*** Opening Records provided ***
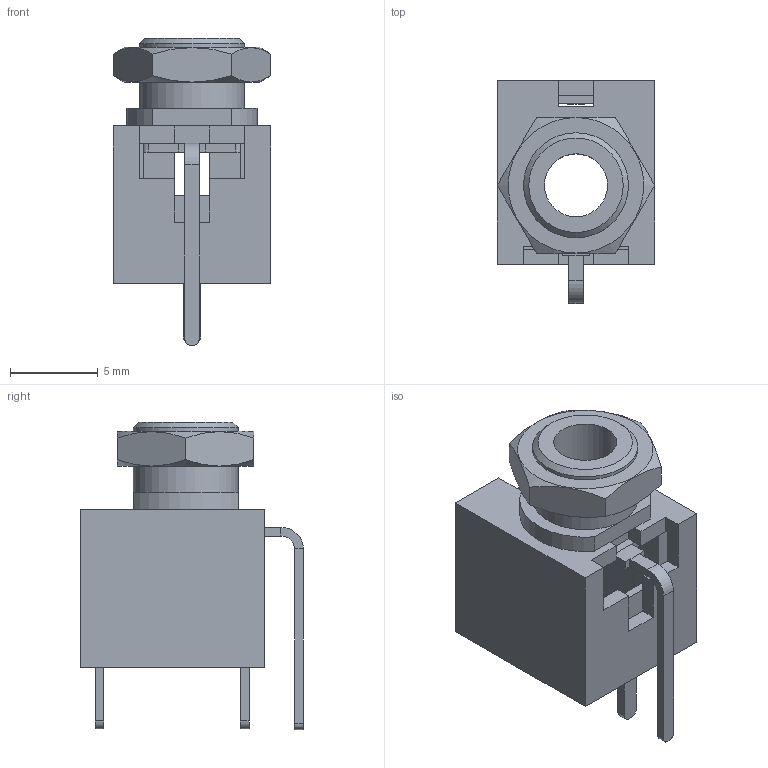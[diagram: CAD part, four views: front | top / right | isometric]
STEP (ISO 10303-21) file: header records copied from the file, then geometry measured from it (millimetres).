
FILE_DESCRIPTION(('FreeCAD Model'),'2;1');
FILE_NAME('Open CASCADE Shape Model','2023-08-07T00:38:00',( 'kicad StepUp'),('ksu MCAD'),'Open CASCADE STEP processor 7.5', 'FreeCAD','Unknown');
FILE_SCHEMA(('AUTOMOTIVE_DESIGN { 1 0 10303 214 1 1 1 1 }'));
Length unit declared in the file: millimetre
Products named in the file (1): WQP-WQP518MA
Bounding box: 9 x 12.73 x 17.55 mm (x, y, z)
Volume: 533.9 mm3; surface area: 1440.9 mm2
Topology: 6 solids, 6 shells, 127 faces, 325 edges, 207 vertices
Faces by surface type: plane 105, cylinder 19, sphere 2, cone 1
Full cylindrical faces by diameter (mm): 3.6 x3, 6 x2
Entity records: 4754 total; most frequent: CARTESIAN_POINT 660, ORIENTED_EDGE 650, DIRECTION 636, EDGE_CURVE 325, LINE 270, VECTOR 270, VERTEX_POINT 207, AXIS2_PLACEMENT_3D 183
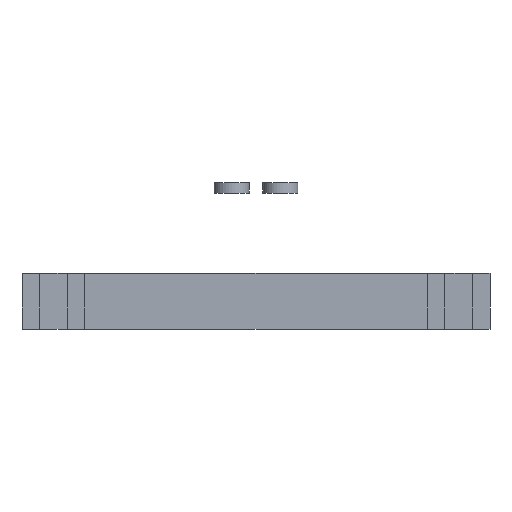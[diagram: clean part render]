
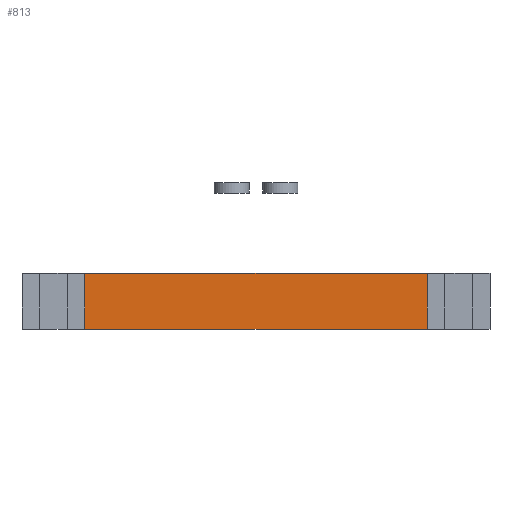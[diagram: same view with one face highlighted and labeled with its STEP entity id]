
A CAD part, front view. The second image highlights one B-rep face of the part: STEP entity #813.
In plain terms, the highlighted planar face has unit normal (0, -1, 0).
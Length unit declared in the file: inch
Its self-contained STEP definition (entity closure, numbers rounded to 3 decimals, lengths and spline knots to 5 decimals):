
#82=LINE('',#1334,#154);
#83=LINE('',#1337,#155);
#84=LINE('',#1339,#156);
#85=LINE('',#1340,#157);
#154=VECTOR('',#1103,0.3937);
#155=VECTOR('',#1106,0.3937);
#156=VECTOR('',#1107,0.3937);
#157=VECTOR('',#1108,0.3937);
#188=PLANE('',#903);
#267=FACE_OUTER_BOUND('',#341,.T.);
#341=EDGE_LOOP('',(#693,#694,#695,#696));
#453=VERTEX_POINT('',#1330);
#454=VERTEX_POINT('',#1332);
#455=VERTEX_POINT('',#1336);
#456=VERTEX_POINT('',#1338);
#551=EDGE_CURVE('',#453,#454,#82,.T.);
#552=EDGE_CURVE('',#453,#455,#83,.T.);
#553=EDGE_CURVE('',#456,#454,#84,.T.);
#554=EDGE_CURVE('',#455,#456,#85,.T.);
#693=ORIENTED_EDGE('',*,*,#552,.F.);
#694=ORIENTED_EDGE('',*,*,#551,.T.);
#695=ORIENTED_EDGE('',*,*,#553,.F.);
#696=ORIENTED_EDGE('',*,*,#554,.F.);
#813=ADVANCED_FACE('',(#267),#188,.T.);
#903=AXIS2_PLACEMENT_3D('',#1335,#1104,#1105);
#1103=DIRECTION('',(0.,0.,1.));
#1104=DIRECTION('center_axis',(0.,-1.,0.));
#1105=DIRECTION('ref_axis',(1.,0.,0.));
#1106=DIRECTION('',(-1.,0.,0.));
#1107=DIRECTION('',(1.,0.,0.));
#1108=DIRECTION('',(0.,0.,1.));
#1330=CARTESIAN_POINT('',(6.,0.,0.));
#1332=CARTESIAN_POINT('',(6.,0.,2.));
#1334=CARTESIAN_POINT('',(6.,0.,0.));
#1335=CARTESIAN_POINT('Origin',(-6.25,0.,0.));
#1336=CARTESIAN_POINT('',(-6.25,0.,0.));
#1337=CARTESIAN_POINT('',(6.,0.,0.));
#1338=CARTESIAN_POINT('',(-6.25,0.,2.));
#1339=CARTESIAN_POINT('',(6.,0.,2.));
#1340=CARTESIAN_POINT('',(-6.25,0.,0.));
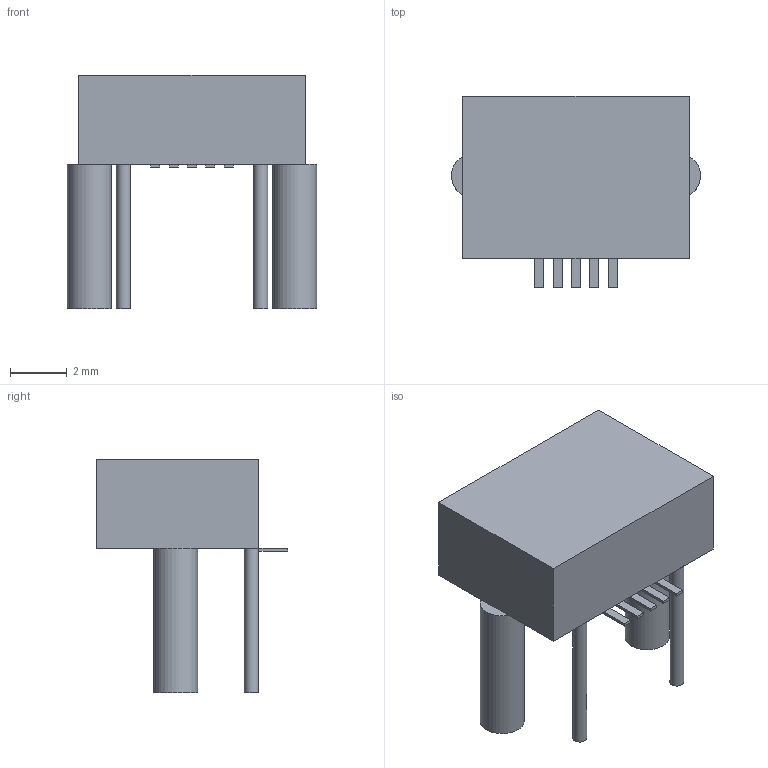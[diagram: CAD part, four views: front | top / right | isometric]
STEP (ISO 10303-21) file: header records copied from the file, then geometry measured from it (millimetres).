
FILE_DESCRIPTION(('FreeCAD Model'),'2;1');
FILE_NAME('2455973.1.5.stp','2019-09-03T16:17:08',( 'Author'),(''),'Open CASCADE STEP processor 6.9','FreeCAD','Unknown' );
FILE_SCHEMA(('AUTOMOTIVE_DESIGN { 1 0 10303 214 1 1 1 1 }'));
Length unit declared in the file: millimetre
Products named in the file (8): ASSEMBLY; Body; ('pin',_'1'); ('pin',_'2'); ('pin',_'3'); ('pin',_'4'); ('pin',_'5'); Leads
Assembly tree (10 placements, depth 2):
  ASSEMBLY
    Body
    ('pin',_'1')
    ('pin',_'2')
    ('pin',_'3')
    ('pin',_'4')
    ('pin',_'5')
    Leads  x4
Bounding box: 8.81 x 6.76 x 8.25 mm (x, y, z)
Volume: 230.9 mm3; surface area: 482.9 mm2
Topology: 22 solids, 22 shells, 84 faces, 120 edges, 80 vertices
Faces by surface type: plane 68, cylinder 16
Full cylindrical faces by diameter (mm): 0.5 x8, 1.56 x8
Entity records: 2469 total; most frequent: DIRECTION 378, CARTESIAN_POINT 367, LINE 236, VECTOR 236, ORIENTED_EDGE 168, PCURVE 168, DEFINITIONAL_REPRESENTATION 168, EDGE_CURVE 84
*** Closing Records provided ***
Nothing but the lines from the start of the records through the line holding "Products named in the file (1): WQP-WQP518MA" should be printed, exactly as written and with the pictures left out.

**Finished exercise:**
[diagram: CAD part, four views: front | top / right | isometric]
STEP (ISO 10303-21) file: header records copied from the file, then geometry measured from it (millimetres).
FILE_DESCRIPTION(('FreeCAD Model'),'2;1');
FILE_NAME('Open CASCADE Shape Model','2023-08-07T00:38:00',( 'kicad StepUp'),('ksu MCAD'),'Open CASCADE STEP processor 7.5', 'FreeCAD','Unknown');
FILE_SCHEMA(('AUTOMOTIVE_DESIGN { 1 0 10303 214 1 1 1 1 }'));
Length unit declared in the file: millimetre
Products named in the file (1): WQP-WQP518MA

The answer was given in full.